22. In the totality of the evidence on record, the Court finds that the Respondent had a valid and fair reason to dismiss the Claimants as provided by Section 43(2) of the Act.

23. On procedural fairness as ordained by Sections 41 and 45 of the Employment Act, the Claimants testified that they were not taken through any disciplinary hearing and the Respondent’s witness confirmed on cross examination that the Respondent had no disciplinary procedures for employees. It therefore follows that the summary dismissal of the Claimants on 22nd July 2016 was procedurally flawed. The decision in Davis Sokoto Nanyamal v Church World Service (CWS)/Resettlement Support Centre (RSC) Africa (supra).

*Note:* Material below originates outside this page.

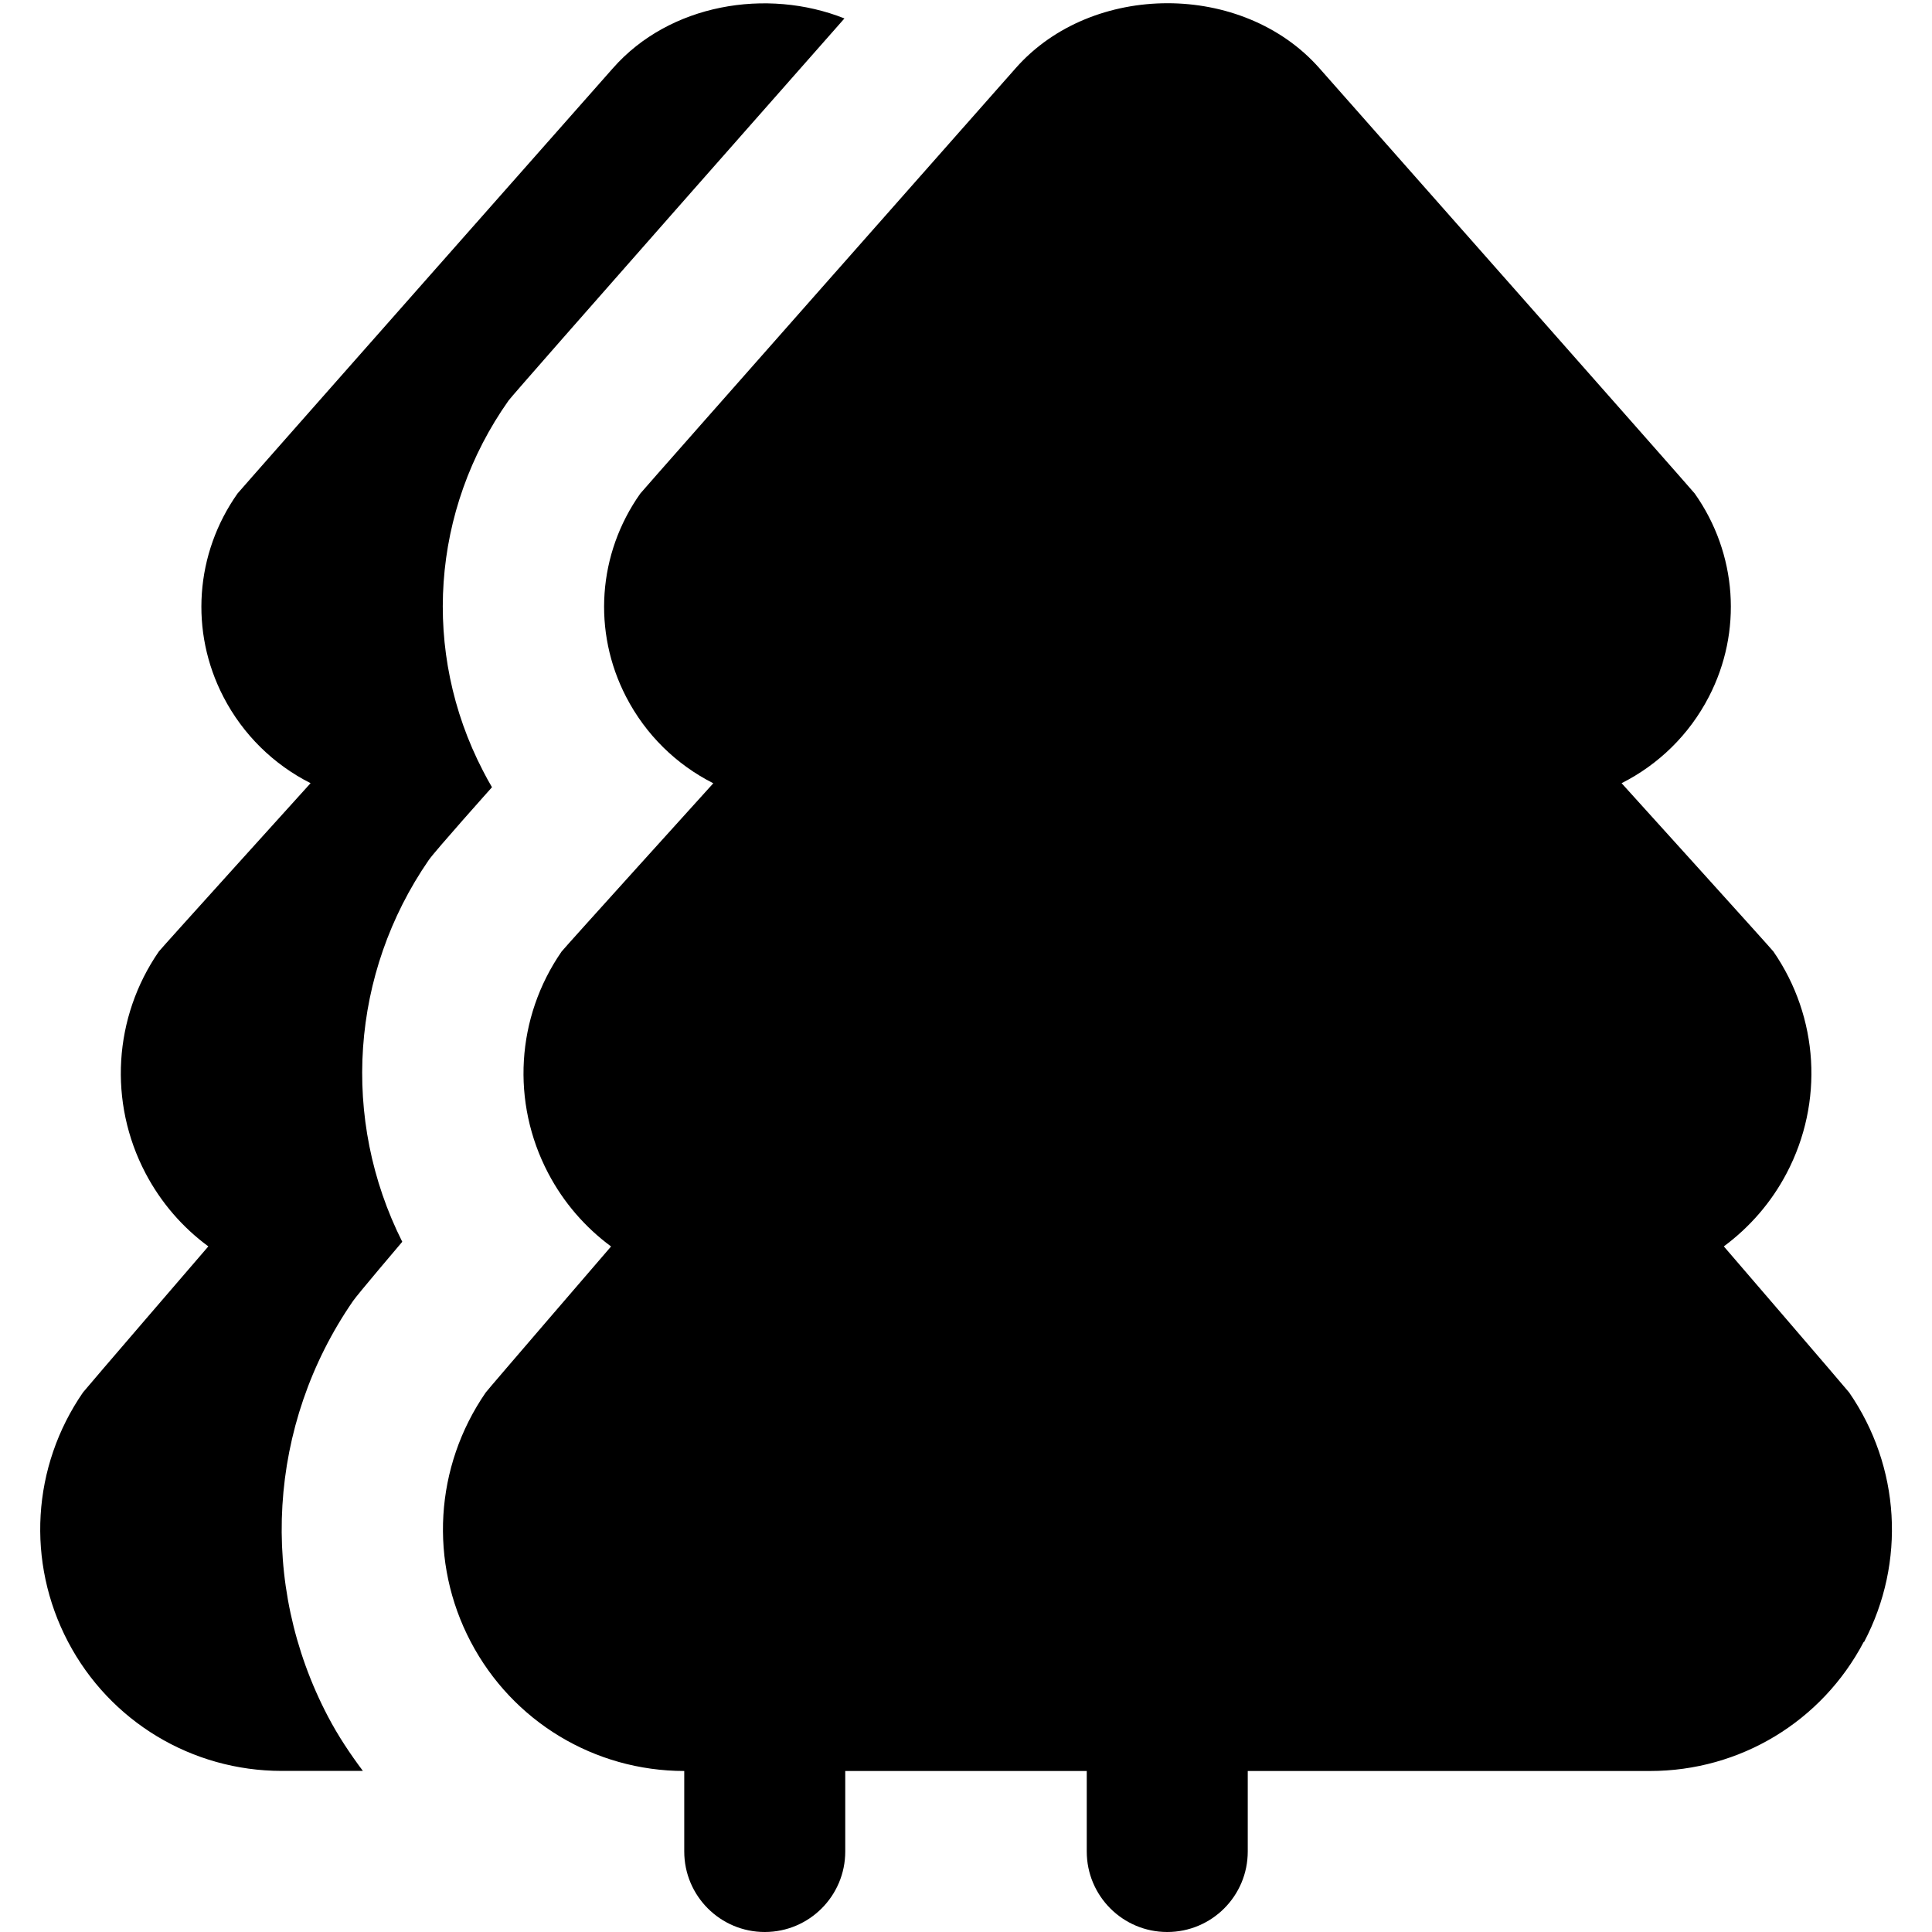 <?xml version="1.0" encoding="UTF-8"?> <svg xmlns="http://www.w3.org/2000/svg" id="Layer_1" data-name="Layer 1" viewBox="0 0 24 24"><path d="m23.152,20.396c-.52.99-1.537,1.604-2.655,1.604h-4.997v1c0,.552-.447,1-1,1s-1-.448-1-1v-1h-3v1c0,.552-.448,1-1,1s-1-.448-1-1v-1c-1.117-.001-2.133-.616-2.652-1.604-.52-.99-.449-2.177.186-3.098.02-.03,1.557-1.814,1.557-1.814-.32-.236-.589-.544-.781-.91-.462-.88-.399-1.935.166-2.753.025-.036,1.885-2.091,1.885-2.091-.458-.231-.839-.601-1.083-1.073-.42-.811-.353-1.778.176-2.526.021-.03,4.664-5.285,4.664-5.285.947-1.074,2.821-1.075,3.771,0,0,0,4.643,5.254,4.663,5.284.528.747.596,1.715.176,2.526-.244.472-.626.842-1.084,1.073,0,0,1.86,2.055,1.886,2.091.564.818.627,1.873.165,2.753-.192.366-.462.674-.781.91,0,0,1.536,1.785,1.557,1.815.635.921.706,2.108.186,3.098ZM6.112,9.78c-.04-.067-.077-.136-.113-.206-.765-1.476-.643-3.238.319-4.599.054-.079,4.172-4.746,4.172-4.746-.965-.383-2.173-.18-2.875.617,0,0-4.643,5.254-4.664,5.284-.528.748-.596,1.715-.176,2.526.244.472.626.842,1.083,1.073,0,0-1.859,2.055-1.885,2.091-.564.818-.627,1.874-.166,2.753.192.366.461.675.781.91,0,0-1.537,1.785-1.557,1.814-.635.921-.706,2.107-.186,3.098.52.99,1.538,1.604,2.656,1.604h1.007c-.159-.212-.307-.434-.433-.674-.867-1.65-.748-3.629.31-5.163.05-.075.612-.736.612-.736-.766-1.525-.642-3.334.329-4.742.083-.119.785-.904.785-.904Z"></path></svg>

24. It is the finding of this Court that the dismissal of the Claimants on 22nd July 2016 was unfair.

Reliefs

(a) Both Claimants pray for the equivalent of 12 months’ salary for the unfair termination. A total sum of Kshs.444,000.

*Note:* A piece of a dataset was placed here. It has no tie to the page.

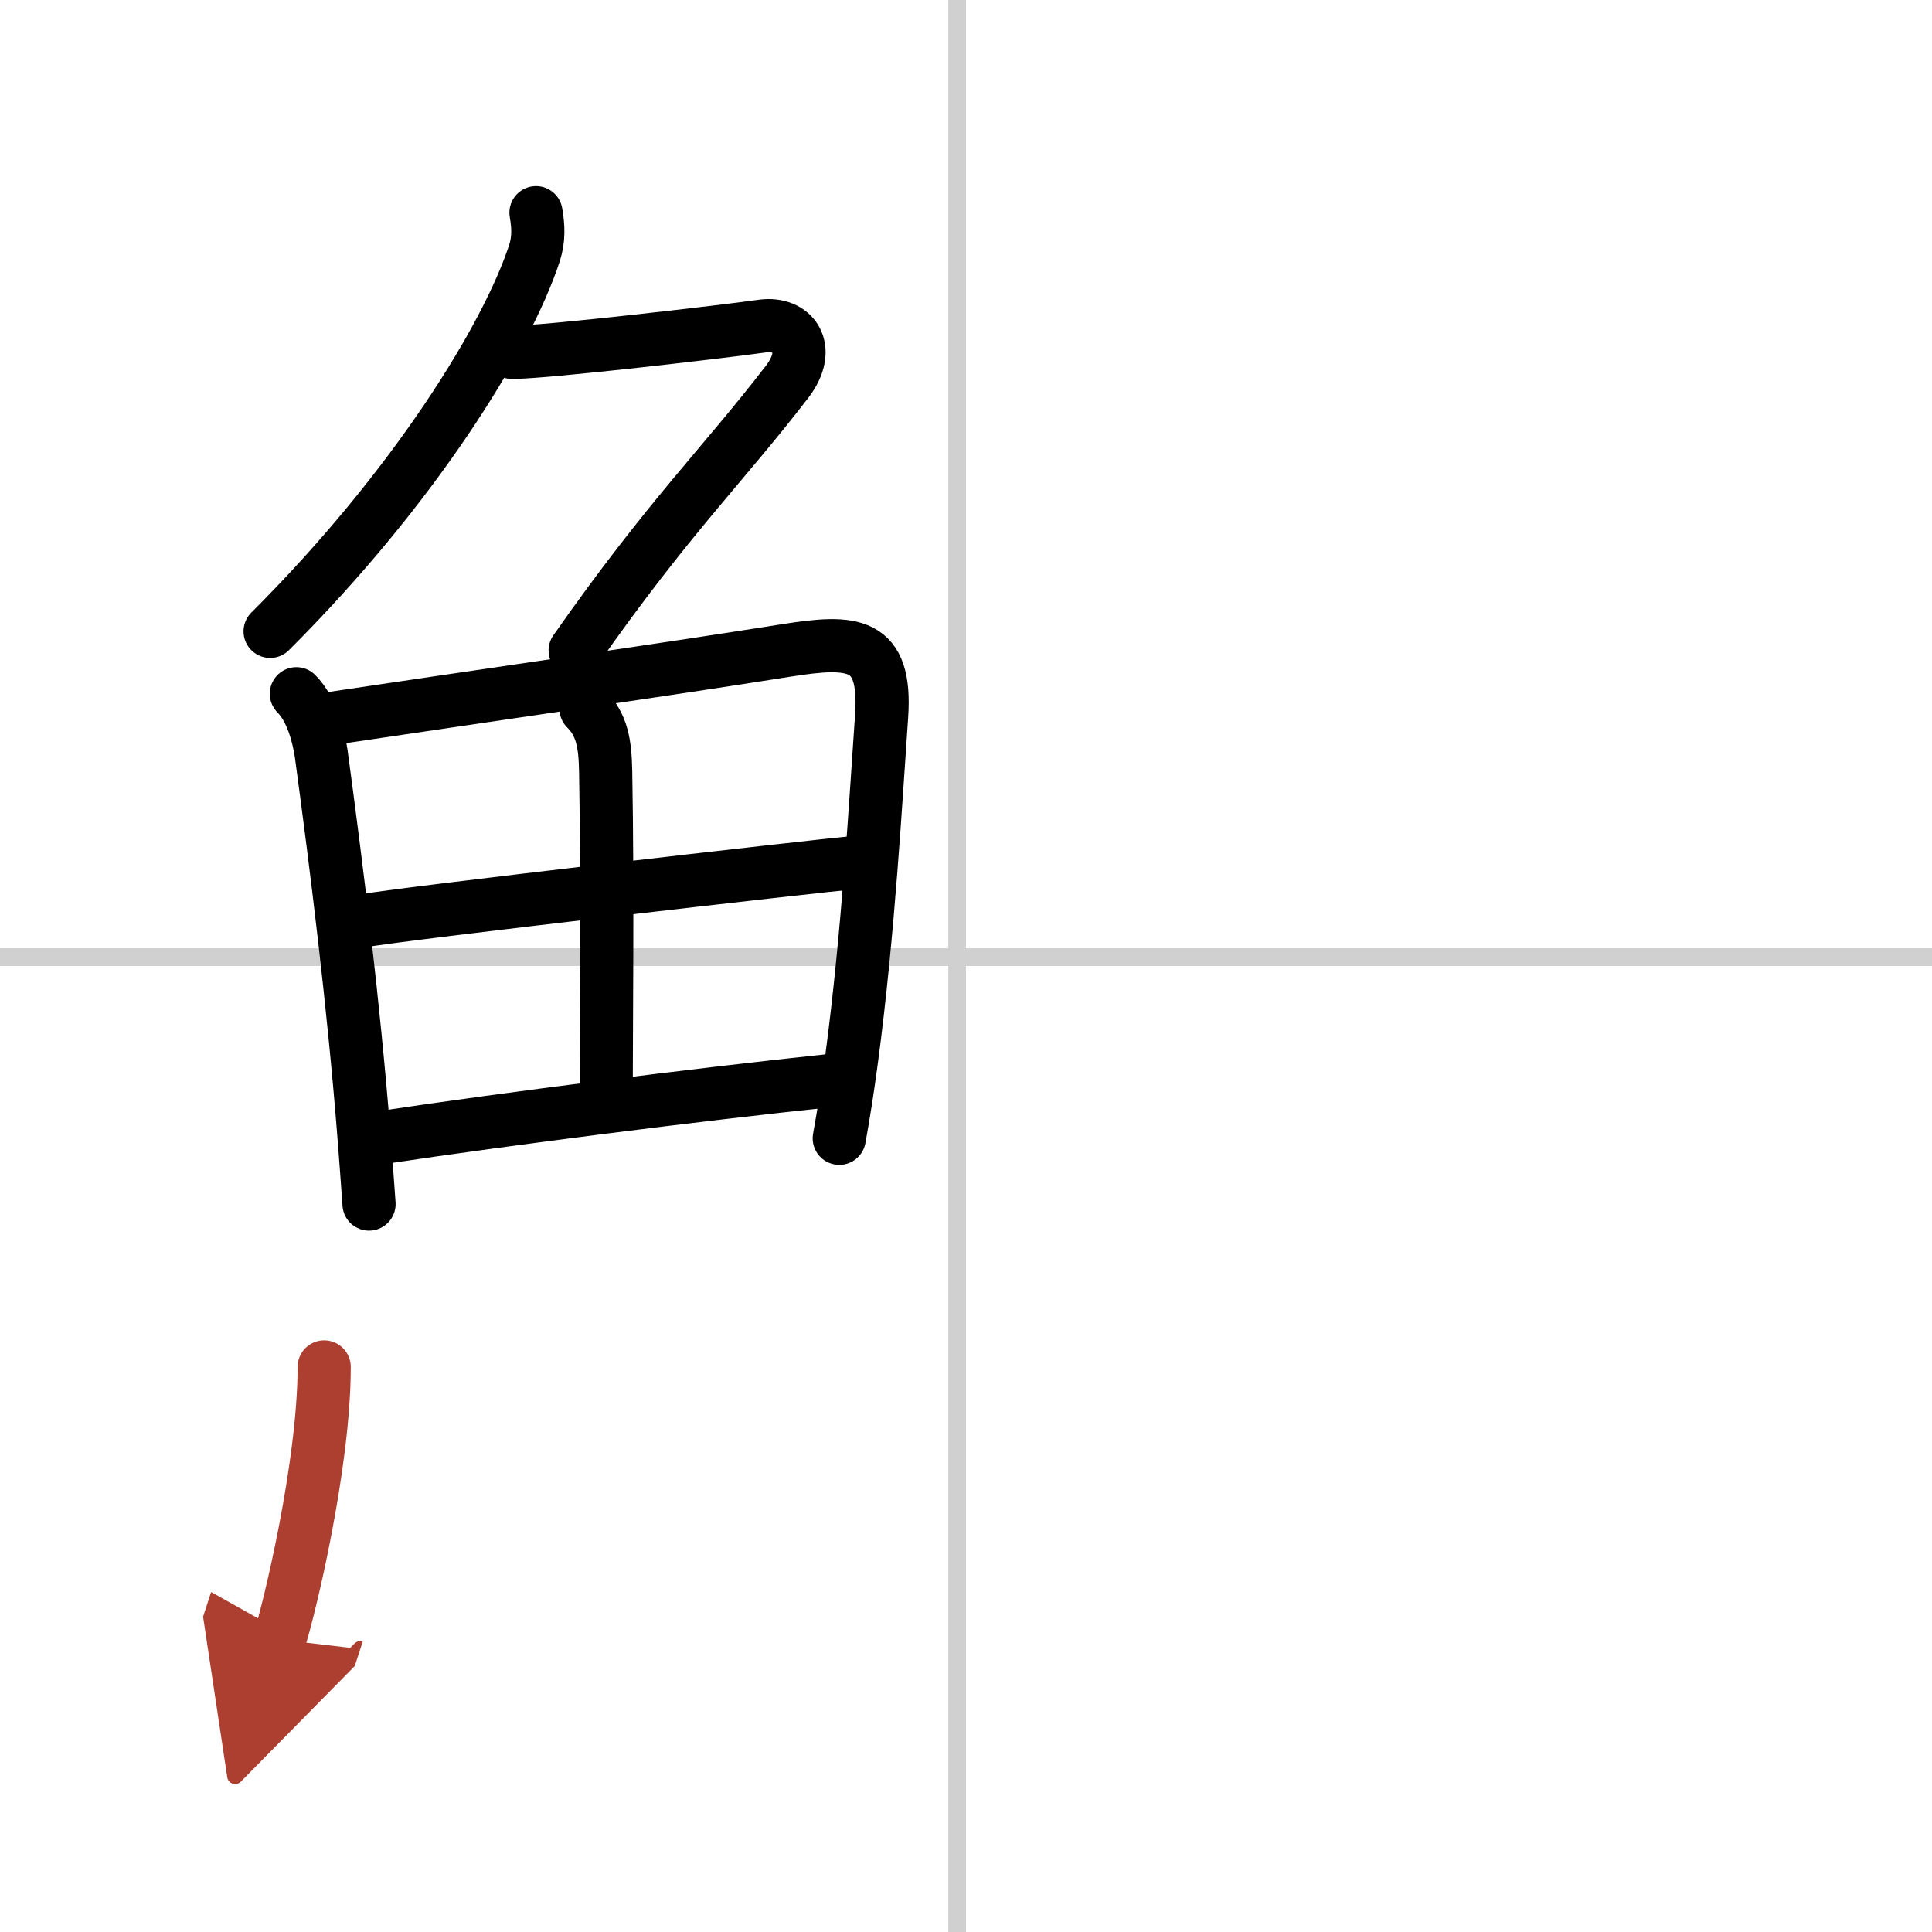 <svg width="400" height="400" viewBox="0 0 109 109" xmlns="http://www.w3.org/2000/svg"><defs><marker id="a" markerWidth="4" orient="auto" refX="1" refY="5" viewBox="0 0 10 10"><polyline points="0 0 10 5 0 10 1 5" fill="#ad3f31" stroke="#ad3f31"/></marker></defs><g fill="none" stroke="#000" stroke-linecap="round" stroke-linejoin="round" stroke-width="3"><rect width="100%" height="100%" fill="#fff" stroke="#fff"/><line x1="54" x2="54" y2="109" stroke="#d0d0d0" stroke-width="1"/><line x2="109" y1="54" y2="54" stroke="#d0d0d0" stroke-width="1"/><path d="M30.24,12c0.13,0.75,0.17,1.47-0.08,2.26C28.62,19,23.38,27.5,15.24,35.62"/><path d="m28.89 19.88c1.93 0 12.07-1.19 14.1-1.48 1.74-0.25 2.89 1.23 1.41 3.15-3.67 4.77-6.64 7.57-11.95 15.15"/><path d="M16.72,39.14c0.88,0.88,1.25,2.39,1.4,3.36C19,49,19.95,56.65,20.53,64.02c0.11,1.36,0.2,2.67,0.29,3.91"/><path d="m18.78 40.52c7.03-1.05 18.9-2.76 25.62-3.83 3.69-0.58 5.63-0.52 5.34 3.7-0.32 4.54-0.74 12.24-1.7 19.4-0.2 1.51-0.43 3-0.69 4.43"/><path d="m33.06 39.98c0.92 0.92 1.08 2.01 1.11 3.54 0.12 6.73 0.03 14.52 0.03 17.85"/><path d="m20.26 51.98c2.58-0.46 25.76-3.12 27.89-3.31"/><path d="m21.73 64.15c6.89-1.03 17.36-2.37 25.24-3.2"/><path d="m18.29 77.12c0 5.57-2 13.78-2.52 15.38" marker-end="url(#a)" stroke="#ad3f31"/></g></svg>

25. The remedy of compensation is provided by Section 49(1)(c) of the Employment Act. Although the remedy is discretional, the Court is enjoined to exercise judicial discretion on the basis of the parameters or factors set forth in Section 49(4) of the Act. Taking into account the fact that the Claimants served the Respondent for about 4 years, 8 months and wished to continue but created the suspicious circumstances that led to their termination, the equivalent of two months’ salary is fair.

26. In the final analysis judgment is entered for the Claimants as follows –

(i) Dominic Owuor Okumu

(18,500 x 2) Kshs.37,000

(ii) Charles Odhiambo Ochieng

(18,500 x 2) Kshs.37,000

(iii) Interest at Court rates from the date of judgment till payment in full.

(iv) There will be no order as to costs.

27. Orders accordingly.

DATED, SIGNED AND DELIVERED VIRTUALLY AT NAIROBI ON THIS 28TH DAY OF OCTOBER 2021

DR. JACOB GAKERI

JUDGE

ORDER

In view of the declaration of measures restricting court operations due to the COVID-19 pandemic and in light of the directions issued by His Lordship, the Chief Justice on 15th March 2020 and subsequent directions of 21st April 2020 that judgments and rulings shall be delivered through video conferencing or via email.  They have waived compliance with Order 21 Rule 1 of the Civil Procedure Rules, which requires that all judgments and rulings be pronounced in open court. In permitting this course, this court has been guided by Article 159(2)(d) of the Constitution which requires the court to eschew undue technicalities in delivering justice, the right of access to justice guaranteed to every person under Article 48 of the Constitution and the provisions of Section 1B of the Civil Procedure Act (Chapter 21 of the Laws of Kenya) which impose on this court the duty of the court, inter alia, to use suitable technology to enhance the overriding objective which is to facilitate just, expeditious, proportionate and affordable resolution of civil disputes.